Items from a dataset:
%%

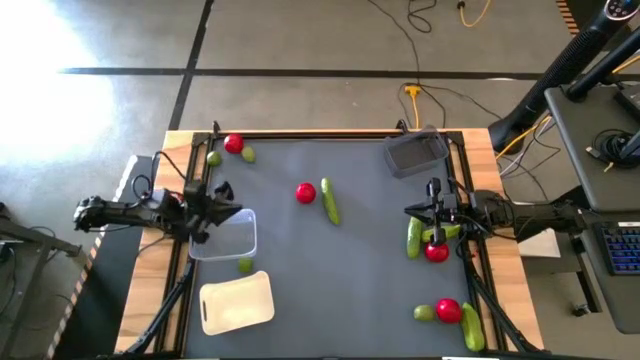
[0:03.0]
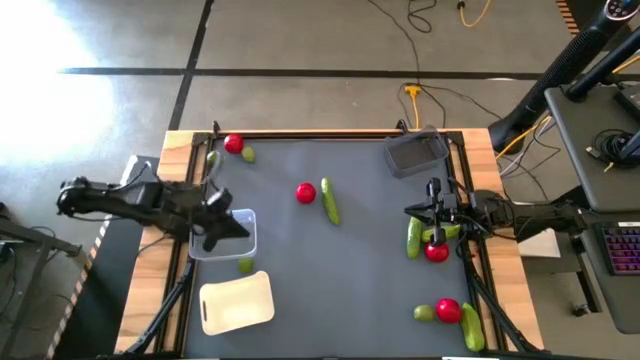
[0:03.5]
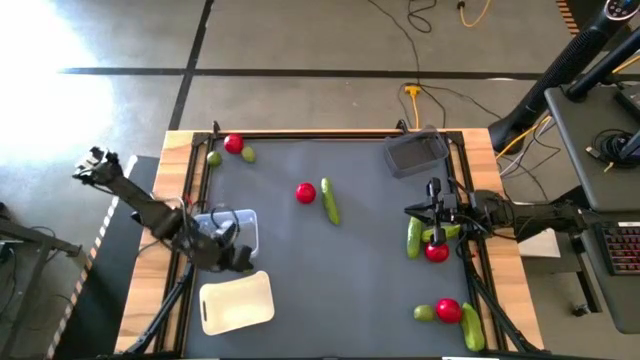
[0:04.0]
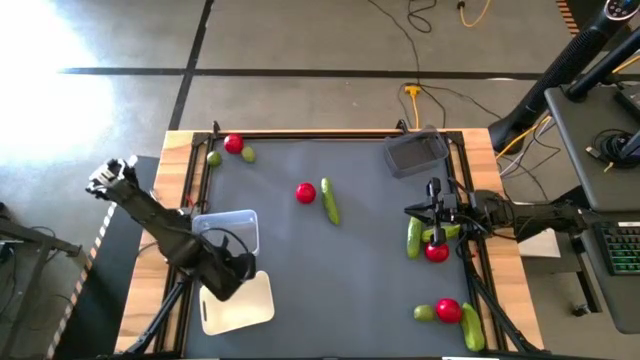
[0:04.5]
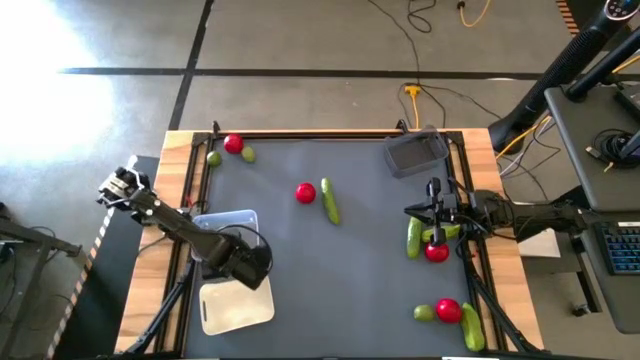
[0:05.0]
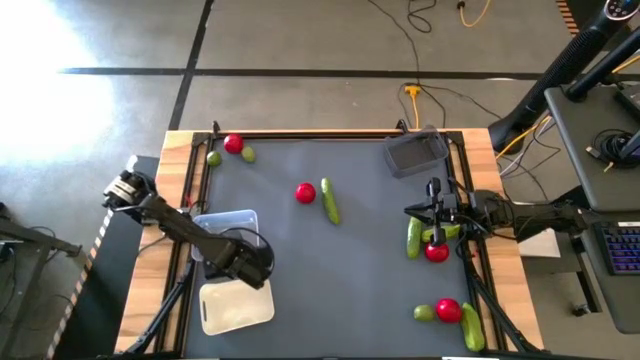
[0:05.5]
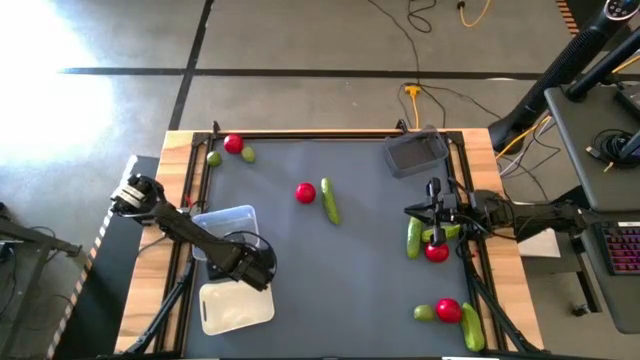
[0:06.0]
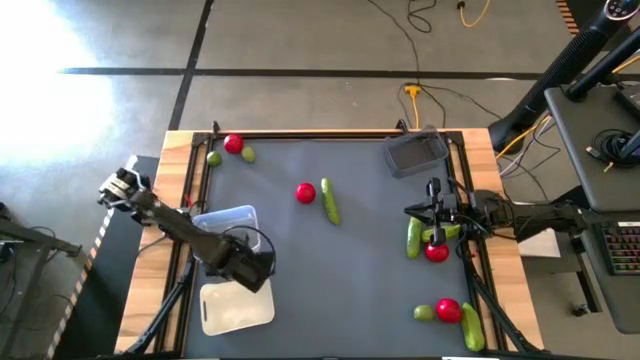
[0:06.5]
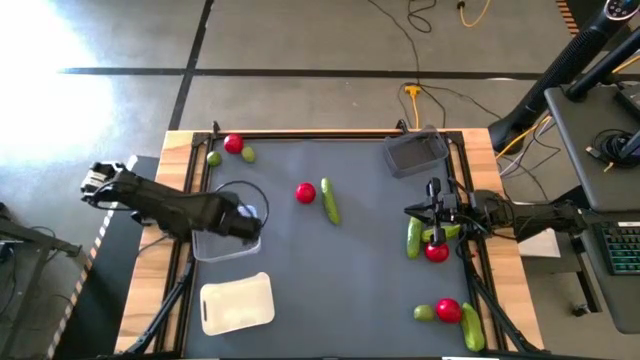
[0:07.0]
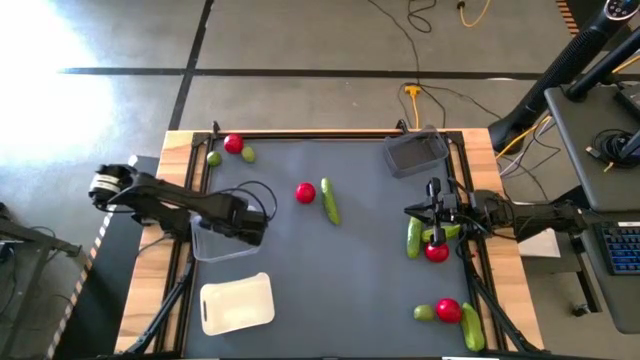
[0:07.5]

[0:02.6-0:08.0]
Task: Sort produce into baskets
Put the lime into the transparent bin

%%

Task brief: Print verbatim every line above, apart from the pictures.

Finished task:
[0:03.0]
[0:03.5]
[0:04.0]
[0:04.5]
[0:05.0]
[0:05.5]
[0:06.0]
[0:06.5]
[0:07.0]
[0:07.5]

[0:02.6-0:08.0]
Task: Sort produce into baskets
Put the lime into the transparent bin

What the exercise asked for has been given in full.